[Dataset records]
__________
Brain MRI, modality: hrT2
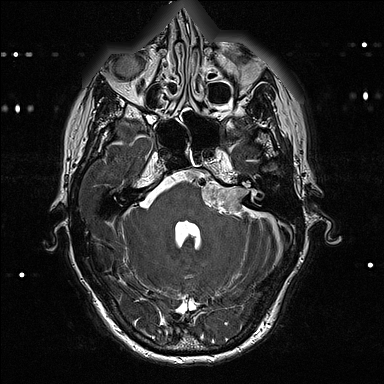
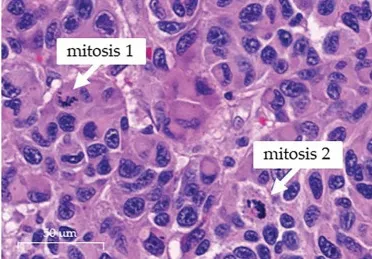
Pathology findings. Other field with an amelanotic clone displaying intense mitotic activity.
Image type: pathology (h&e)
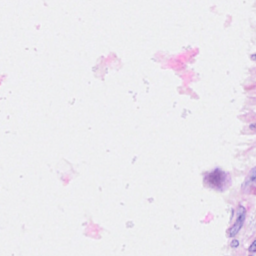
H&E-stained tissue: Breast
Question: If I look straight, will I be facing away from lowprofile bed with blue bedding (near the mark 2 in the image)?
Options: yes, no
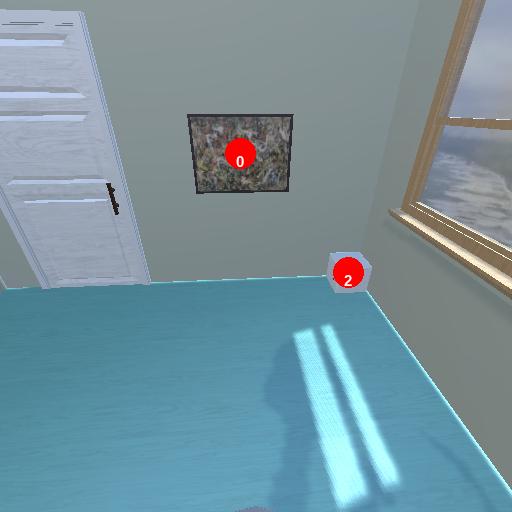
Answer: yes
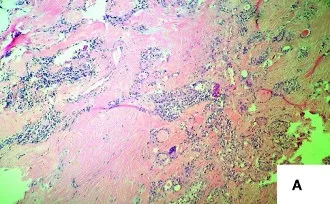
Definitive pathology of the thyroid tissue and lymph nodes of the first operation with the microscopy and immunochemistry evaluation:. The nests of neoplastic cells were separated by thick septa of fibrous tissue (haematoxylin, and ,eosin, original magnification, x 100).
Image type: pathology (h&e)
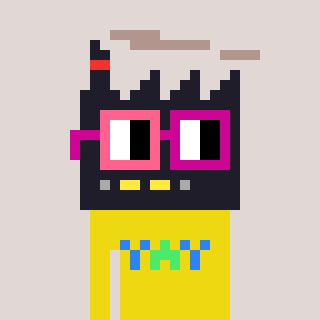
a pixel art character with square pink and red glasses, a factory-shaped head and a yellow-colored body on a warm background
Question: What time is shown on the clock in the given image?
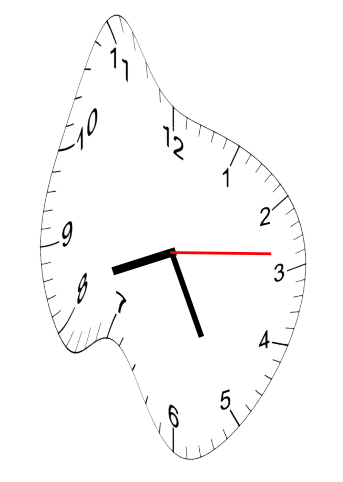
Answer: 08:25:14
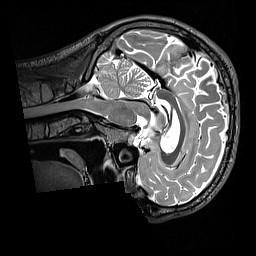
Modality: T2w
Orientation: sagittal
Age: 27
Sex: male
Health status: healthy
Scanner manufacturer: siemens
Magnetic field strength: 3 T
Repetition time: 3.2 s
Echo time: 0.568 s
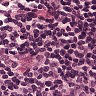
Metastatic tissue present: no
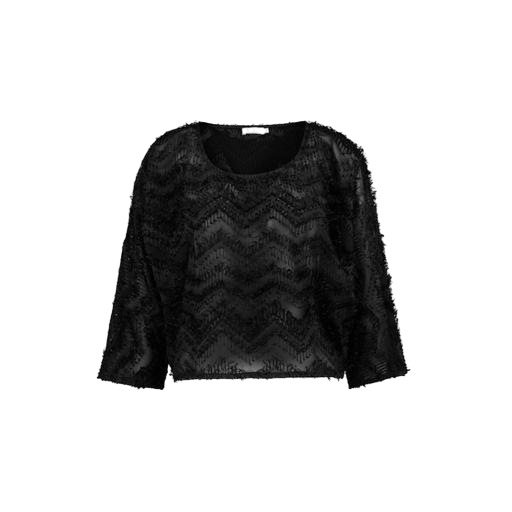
__________
Those lines of the records that contain the string "Question" should be identified and copied.

Question: If I look straight, will I be facing away from lowprofile bed with blue bedding (near the mark 2 in the image)?
Question: What time is shown on the clock in the given image?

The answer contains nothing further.